### WORK REQUIRED
Copy, from the material below, each line where "rule" shows up.

======== PROVIDED RECORDS ========

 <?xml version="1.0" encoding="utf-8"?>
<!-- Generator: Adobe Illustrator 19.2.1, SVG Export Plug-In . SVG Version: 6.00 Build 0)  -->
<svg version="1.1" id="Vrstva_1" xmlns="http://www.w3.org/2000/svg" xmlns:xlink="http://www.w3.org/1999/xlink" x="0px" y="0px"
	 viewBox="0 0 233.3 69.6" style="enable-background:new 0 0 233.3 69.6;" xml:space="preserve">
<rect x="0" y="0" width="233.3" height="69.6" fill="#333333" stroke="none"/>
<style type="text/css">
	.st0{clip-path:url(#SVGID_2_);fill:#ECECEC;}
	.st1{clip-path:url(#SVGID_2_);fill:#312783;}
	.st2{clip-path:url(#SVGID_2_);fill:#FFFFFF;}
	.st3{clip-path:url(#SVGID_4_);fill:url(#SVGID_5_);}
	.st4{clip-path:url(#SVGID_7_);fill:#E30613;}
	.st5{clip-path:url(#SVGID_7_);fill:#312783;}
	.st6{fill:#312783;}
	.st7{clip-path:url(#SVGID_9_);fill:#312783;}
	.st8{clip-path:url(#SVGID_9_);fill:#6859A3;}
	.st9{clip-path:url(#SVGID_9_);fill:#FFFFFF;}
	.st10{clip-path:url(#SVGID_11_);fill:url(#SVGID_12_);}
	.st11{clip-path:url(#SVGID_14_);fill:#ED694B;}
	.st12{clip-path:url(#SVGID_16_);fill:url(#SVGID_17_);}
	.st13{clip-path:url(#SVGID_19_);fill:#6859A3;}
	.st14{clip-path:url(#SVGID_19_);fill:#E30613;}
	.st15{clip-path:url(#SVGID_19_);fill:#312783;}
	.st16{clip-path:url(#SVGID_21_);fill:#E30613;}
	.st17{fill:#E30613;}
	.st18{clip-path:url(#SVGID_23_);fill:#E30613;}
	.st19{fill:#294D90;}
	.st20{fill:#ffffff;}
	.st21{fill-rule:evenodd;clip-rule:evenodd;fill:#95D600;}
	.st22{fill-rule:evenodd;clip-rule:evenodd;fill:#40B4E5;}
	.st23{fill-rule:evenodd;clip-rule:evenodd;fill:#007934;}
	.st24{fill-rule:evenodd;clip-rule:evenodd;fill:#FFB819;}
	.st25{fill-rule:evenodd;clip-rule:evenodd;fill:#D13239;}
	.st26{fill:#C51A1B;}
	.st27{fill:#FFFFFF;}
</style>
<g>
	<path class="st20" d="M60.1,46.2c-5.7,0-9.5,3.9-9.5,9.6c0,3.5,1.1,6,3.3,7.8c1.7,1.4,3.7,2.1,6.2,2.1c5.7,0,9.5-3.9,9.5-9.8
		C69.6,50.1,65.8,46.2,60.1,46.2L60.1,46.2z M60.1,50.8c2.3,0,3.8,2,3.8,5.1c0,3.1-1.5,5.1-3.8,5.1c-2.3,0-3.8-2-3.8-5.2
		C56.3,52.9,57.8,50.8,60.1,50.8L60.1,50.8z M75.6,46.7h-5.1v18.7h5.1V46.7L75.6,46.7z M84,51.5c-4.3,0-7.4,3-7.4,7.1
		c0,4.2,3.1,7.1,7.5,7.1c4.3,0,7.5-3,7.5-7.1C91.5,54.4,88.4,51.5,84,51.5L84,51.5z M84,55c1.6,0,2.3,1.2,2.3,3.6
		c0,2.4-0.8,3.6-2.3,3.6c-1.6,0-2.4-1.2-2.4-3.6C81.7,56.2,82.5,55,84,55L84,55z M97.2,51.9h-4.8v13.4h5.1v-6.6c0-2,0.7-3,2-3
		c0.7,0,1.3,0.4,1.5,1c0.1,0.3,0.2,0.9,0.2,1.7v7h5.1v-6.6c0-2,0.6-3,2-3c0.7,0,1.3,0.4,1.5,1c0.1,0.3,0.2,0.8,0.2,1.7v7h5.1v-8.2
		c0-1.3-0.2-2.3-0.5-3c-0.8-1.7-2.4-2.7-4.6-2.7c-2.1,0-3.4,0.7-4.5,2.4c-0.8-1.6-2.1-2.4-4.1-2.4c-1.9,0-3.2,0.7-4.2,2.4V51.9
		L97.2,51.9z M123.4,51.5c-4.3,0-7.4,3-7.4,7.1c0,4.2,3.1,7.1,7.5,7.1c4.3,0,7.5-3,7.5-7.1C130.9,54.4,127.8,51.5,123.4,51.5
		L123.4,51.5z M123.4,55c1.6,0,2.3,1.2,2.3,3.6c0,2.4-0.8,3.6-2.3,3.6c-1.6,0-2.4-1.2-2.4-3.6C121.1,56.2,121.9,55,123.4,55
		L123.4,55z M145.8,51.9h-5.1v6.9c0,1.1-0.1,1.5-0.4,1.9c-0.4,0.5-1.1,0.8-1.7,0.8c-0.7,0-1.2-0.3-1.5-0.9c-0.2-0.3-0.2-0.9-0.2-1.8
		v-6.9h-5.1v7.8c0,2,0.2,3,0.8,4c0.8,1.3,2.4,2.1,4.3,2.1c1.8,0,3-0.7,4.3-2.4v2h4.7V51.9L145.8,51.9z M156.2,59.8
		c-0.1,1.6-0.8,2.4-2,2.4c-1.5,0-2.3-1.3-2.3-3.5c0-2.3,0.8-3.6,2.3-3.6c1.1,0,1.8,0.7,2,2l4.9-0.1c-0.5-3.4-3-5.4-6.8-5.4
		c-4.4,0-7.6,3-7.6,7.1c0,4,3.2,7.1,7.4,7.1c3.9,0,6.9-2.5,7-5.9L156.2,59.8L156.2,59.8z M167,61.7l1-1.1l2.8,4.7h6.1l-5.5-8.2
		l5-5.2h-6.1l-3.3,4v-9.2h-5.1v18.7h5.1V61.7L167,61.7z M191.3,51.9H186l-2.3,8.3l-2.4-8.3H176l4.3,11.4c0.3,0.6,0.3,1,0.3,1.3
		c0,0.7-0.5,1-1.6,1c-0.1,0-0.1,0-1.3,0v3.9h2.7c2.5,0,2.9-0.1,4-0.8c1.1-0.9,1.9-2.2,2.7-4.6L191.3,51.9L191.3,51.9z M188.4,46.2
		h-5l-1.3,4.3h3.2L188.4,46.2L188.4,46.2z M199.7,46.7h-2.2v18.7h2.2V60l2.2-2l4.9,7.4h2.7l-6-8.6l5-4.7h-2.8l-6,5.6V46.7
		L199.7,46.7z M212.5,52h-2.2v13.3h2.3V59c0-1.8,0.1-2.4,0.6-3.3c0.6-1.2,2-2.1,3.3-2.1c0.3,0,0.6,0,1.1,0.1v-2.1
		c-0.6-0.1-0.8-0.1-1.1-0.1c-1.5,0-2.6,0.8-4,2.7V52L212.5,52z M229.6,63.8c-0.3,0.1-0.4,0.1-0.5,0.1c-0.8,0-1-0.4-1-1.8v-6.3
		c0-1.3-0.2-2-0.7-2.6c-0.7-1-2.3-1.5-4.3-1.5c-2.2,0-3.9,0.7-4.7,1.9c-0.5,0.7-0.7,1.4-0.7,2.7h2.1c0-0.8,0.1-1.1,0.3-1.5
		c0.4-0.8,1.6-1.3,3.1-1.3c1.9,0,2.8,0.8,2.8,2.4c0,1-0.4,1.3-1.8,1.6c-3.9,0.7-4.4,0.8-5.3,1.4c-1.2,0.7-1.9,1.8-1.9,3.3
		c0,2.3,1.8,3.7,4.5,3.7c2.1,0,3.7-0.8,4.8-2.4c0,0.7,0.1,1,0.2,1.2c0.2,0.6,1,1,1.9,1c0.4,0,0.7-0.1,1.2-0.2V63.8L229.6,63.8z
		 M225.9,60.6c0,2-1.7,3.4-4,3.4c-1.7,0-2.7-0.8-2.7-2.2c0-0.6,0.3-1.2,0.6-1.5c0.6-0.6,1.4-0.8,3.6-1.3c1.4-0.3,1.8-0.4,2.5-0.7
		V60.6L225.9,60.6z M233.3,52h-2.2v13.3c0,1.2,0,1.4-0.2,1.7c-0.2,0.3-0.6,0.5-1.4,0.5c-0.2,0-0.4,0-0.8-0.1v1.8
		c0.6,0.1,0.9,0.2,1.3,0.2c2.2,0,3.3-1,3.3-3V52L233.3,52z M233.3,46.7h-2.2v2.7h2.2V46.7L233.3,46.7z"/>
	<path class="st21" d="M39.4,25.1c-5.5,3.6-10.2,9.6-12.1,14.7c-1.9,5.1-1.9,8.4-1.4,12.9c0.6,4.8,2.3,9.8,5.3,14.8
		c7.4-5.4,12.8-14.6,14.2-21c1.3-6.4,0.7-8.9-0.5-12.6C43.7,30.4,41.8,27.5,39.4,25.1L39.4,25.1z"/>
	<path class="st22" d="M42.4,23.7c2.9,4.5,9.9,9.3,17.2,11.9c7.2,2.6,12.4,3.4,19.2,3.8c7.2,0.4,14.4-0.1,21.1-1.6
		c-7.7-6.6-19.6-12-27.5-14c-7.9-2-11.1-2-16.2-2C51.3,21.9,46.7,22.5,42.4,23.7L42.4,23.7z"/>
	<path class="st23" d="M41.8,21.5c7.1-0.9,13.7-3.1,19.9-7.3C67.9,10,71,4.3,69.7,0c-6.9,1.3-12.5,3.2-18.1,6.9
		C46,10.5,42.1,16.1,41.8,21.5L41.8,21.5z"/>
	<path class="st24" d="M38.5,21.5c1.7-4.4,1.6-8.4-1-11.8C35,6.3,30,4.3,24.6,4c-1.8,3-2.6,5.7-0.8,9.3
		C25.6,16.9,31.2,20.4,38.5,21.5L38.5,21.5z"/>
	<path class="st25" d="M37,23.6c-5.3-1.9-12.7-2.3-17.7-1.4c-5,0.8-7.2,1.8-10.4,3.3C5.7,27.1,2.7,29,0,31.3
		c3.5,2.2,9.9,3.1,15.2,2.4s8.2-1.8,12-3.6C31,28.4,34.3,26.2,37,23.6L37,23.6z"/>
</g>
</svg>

========

### RESPONSE
	.st21{fill-rule:evenodd;clip-rule:evenodd;fill:#95D600;}
	.st22{fill-rule:evenodd;clip-rule:evenodd;fill:#40B4E5;}
	.st23{fill-rule:evenodd;clip-rule:evenodd;fill:#007934;}
	.st24{fill-rule:evenodd;clip-rule:evenodd;fill:#FFB819;}
	.st25{fill-rule:evenodd;clip-rule:evenodd;fill:#D13239;}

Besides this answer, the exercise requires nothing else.